The first problem to get out of the way is the base permissibility of creating or interacting with art, in light of its imperfect nature. Biblically speaking, this statement, bearing ‘imperfect’ rather than ‘totally corrupt,’ has no barring power, for two reasons. First, all human deeds and creations- each family, each back-hoe, each building, each meal, each sentence- are flawed, particularly those which flow from the unregenerate. The same reasoning, different in specifics but congruent in basis, applies to them as to art. To outlaw any interaction with the imperfect, therefore, would outlaw any interaction with the world at all, including the individual’s interaction with himself. Such a demand would be absurd, as thinkers from Augustine to Van Til have recognized (Van Til 87). Second, Christians have a calling to interact with this world. Both Genesis 1:28, the dominion mandate, and Matthew 28:18-20, the Great Commission, demand that Christians advance into the world in triumph, to reform and to sanctify, which, in this sinful world, necessitates interaction with the imperfect. For both these reasons, building on each other as they do, mere imperfection does not itself bar, though art’s goodness is yet unproved.
Thankfully for the artist, the Bible does provide solid positive direction towards artistic endeavor and interaction. At the most basic level, God called man to live in His image, an image which includes the greatest artistic work ever produced. He called him to produce works of art, from carving to poetry to song and beyond (Ex. 36:1; Eph. 5:19). To demand that any art so produced immediately be destroyed or cloistered from human eyes due to its inevitable imperfection would be absurd, a denial of God’s good gifts. Furthermore, God called man to create a culture which honored Him, separate from sin (holy). This command did not lapse with man’s ability to fulfil it, and art is a part of it (Lee 2:00; Van Til 57, 59-60). This responsibility necessitates interaction with the culture as it is (within the bounds of prudence), in order to draw a course from Is to Should Be. In order that this understanding might be complete, though, the Christian must approach art as art, according to its purpose. Therefore, Christians have a responsibility, insofar as their individual callings comport, to approach art as art, in addition to assessing it on other grounds (financial, educational, etc.), in order to see the good and the bad within it, in order to turn more closely to God.

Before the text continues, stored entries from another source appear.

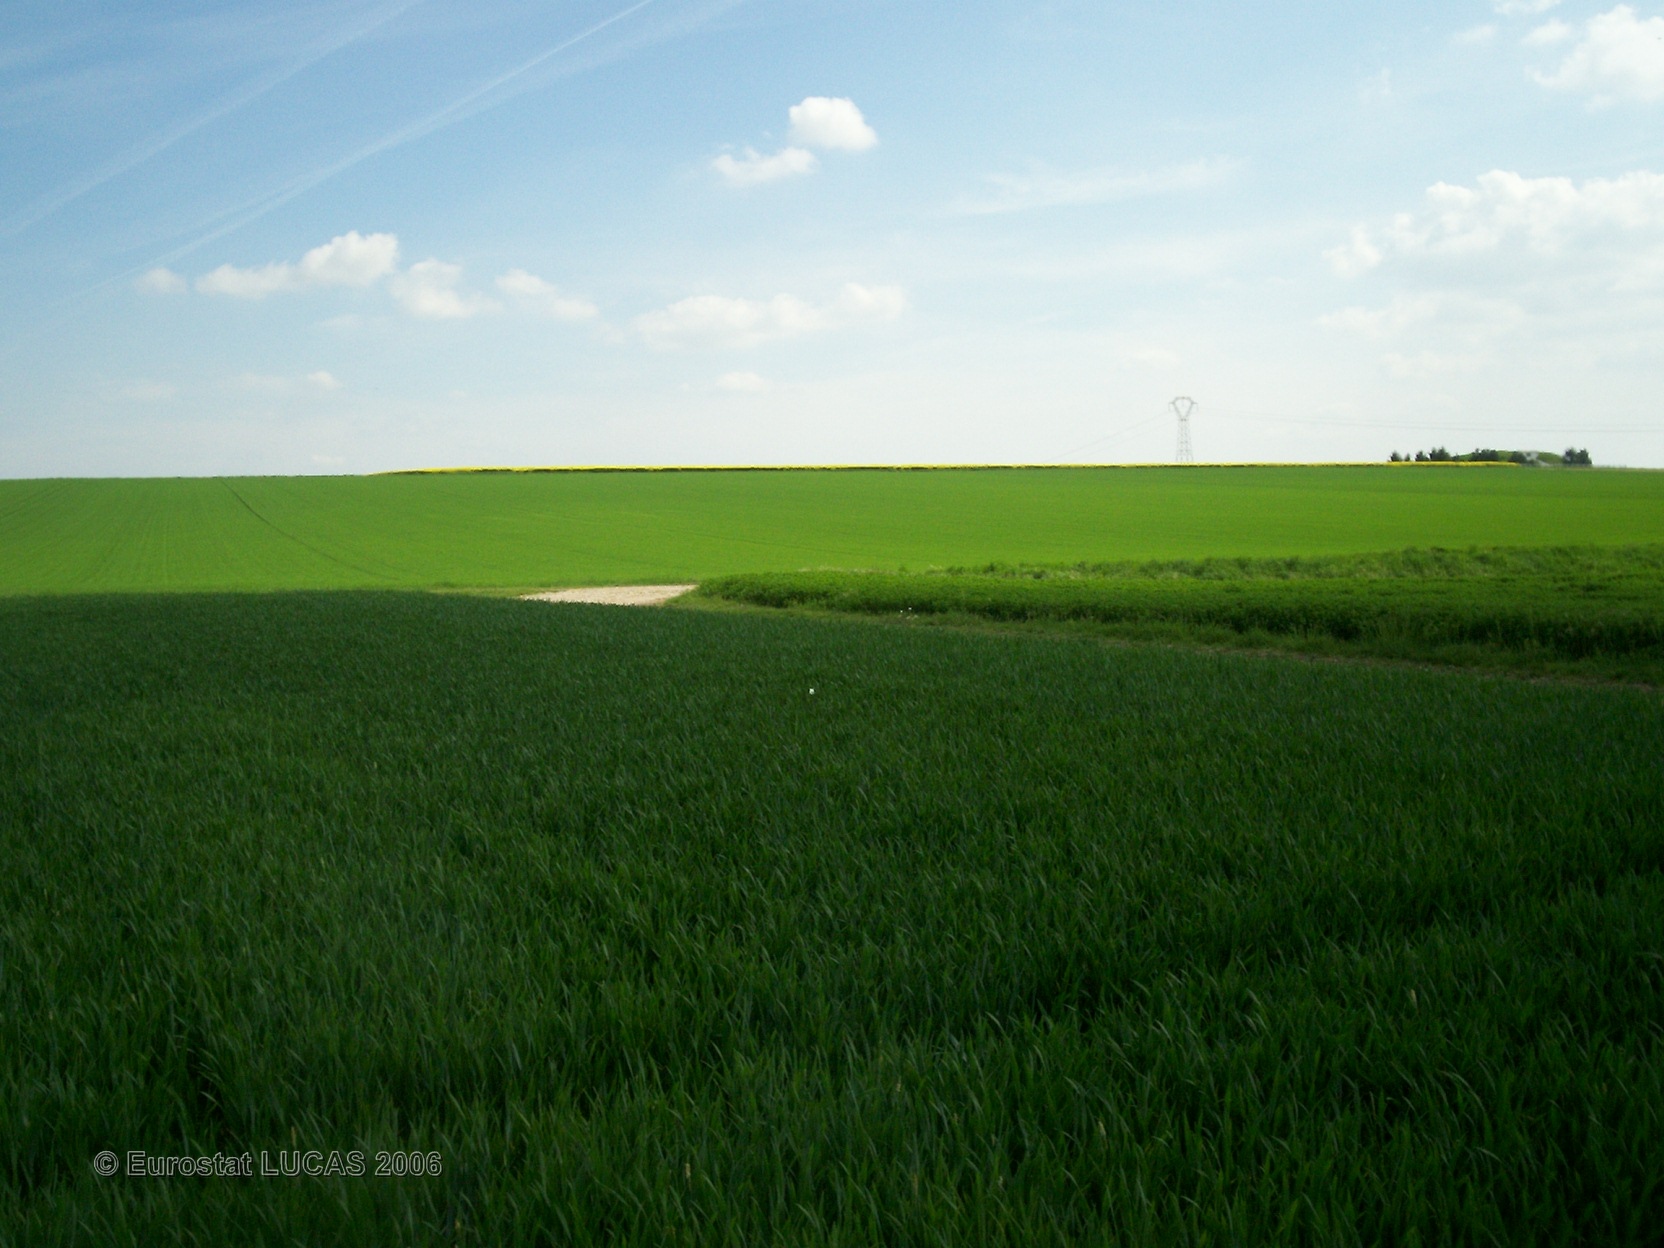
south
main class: Cropland
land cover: Common wheat
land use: Agriculture (excluding fallow land and kitchen gardens)
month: May
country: FR
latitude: 48.9143
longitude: 4.4703
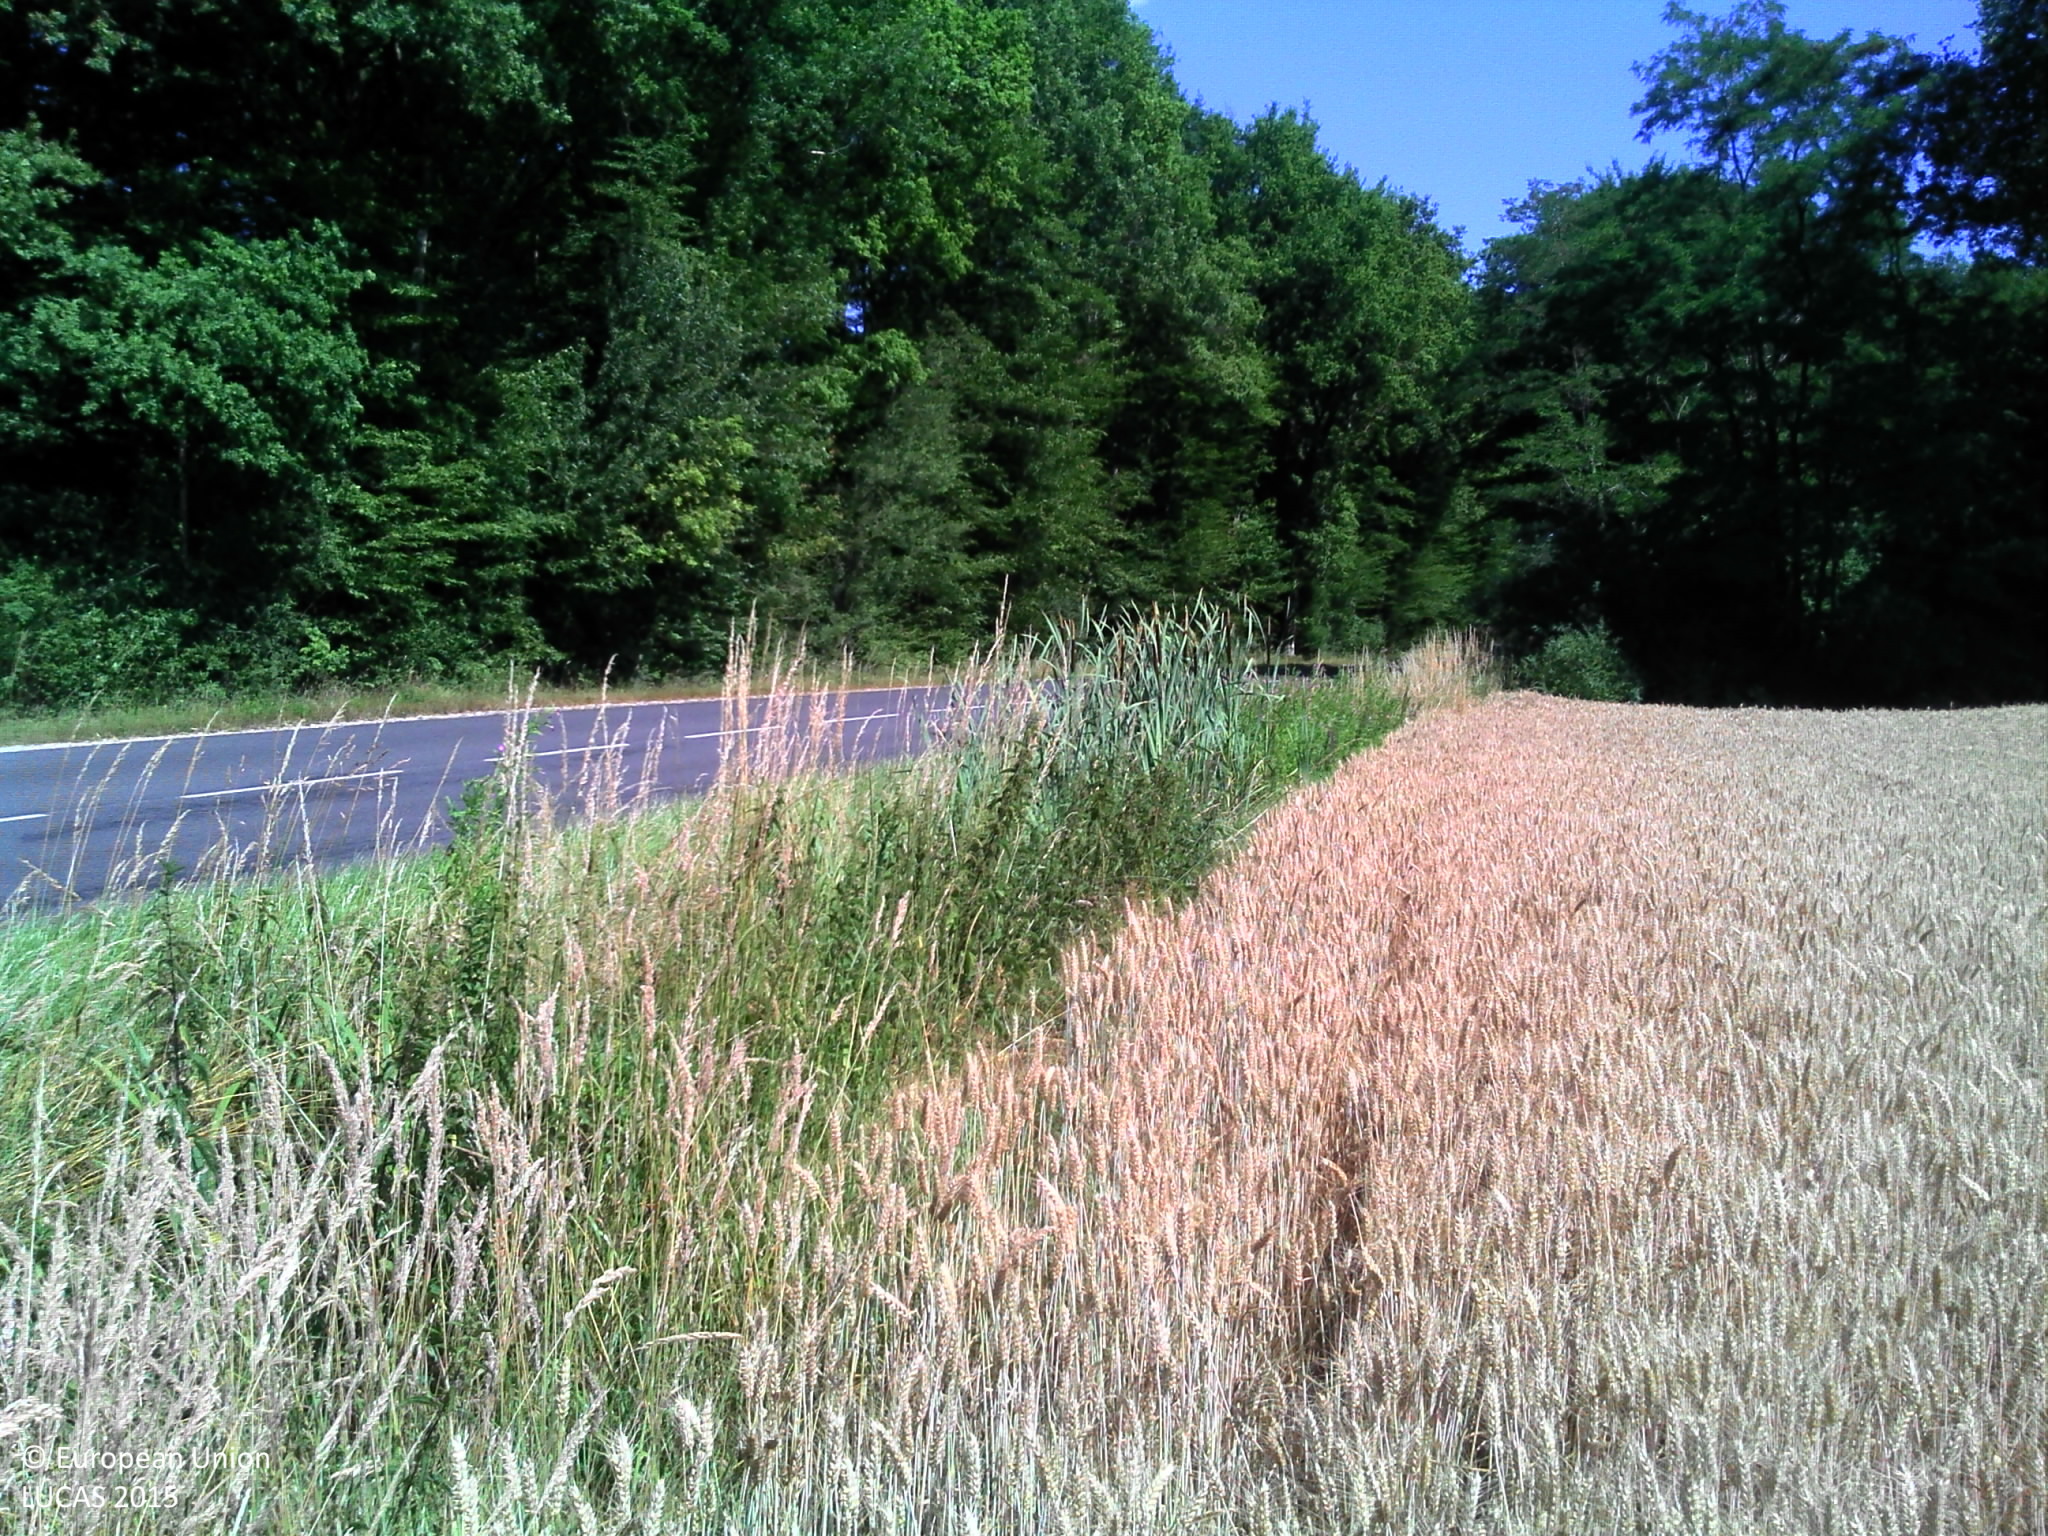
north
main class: Cropland
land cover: Common wheat
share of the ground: > 75 %
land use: Agriculture (excluding fallow land and kitchen gardens)
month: July
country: FR
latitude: 47.9871
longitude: 3.0658

This Christian prerogative to interact with art does not end with the end of art made by Christians. Pagan art, while generally morally inferior (if often more beautiful than the banal ugliness of some ‘Christian’ artists), still contains, by the grace of God, a measure of truth, goodness, and beauty (Van Til 108, 118). After all, though man is depraved and fallen, he still has an innate longing for and awareness of God, overwhelmed as it is by his hatred for Him (Rom. 1:20; Van Til 120). This innate knowledge of God’s character, both in the man’s own heart and as he sees the world with his senses, can produce in his art real virtue. Of course, much of what pagans make will be too immoral or too ugly to be worth the time it would take, but that does not make the entire grouping illegitimate. By God’s grace, good exists within the art, unwilling homage to the Lord of heaven and earth, homage which will someday open redound to him (Rev. 21:24). Thus, the Christian has the right and the duty to interact with some section of the art of both the regenerate and the unregenerate for these reasons at least, besides others unenumerated.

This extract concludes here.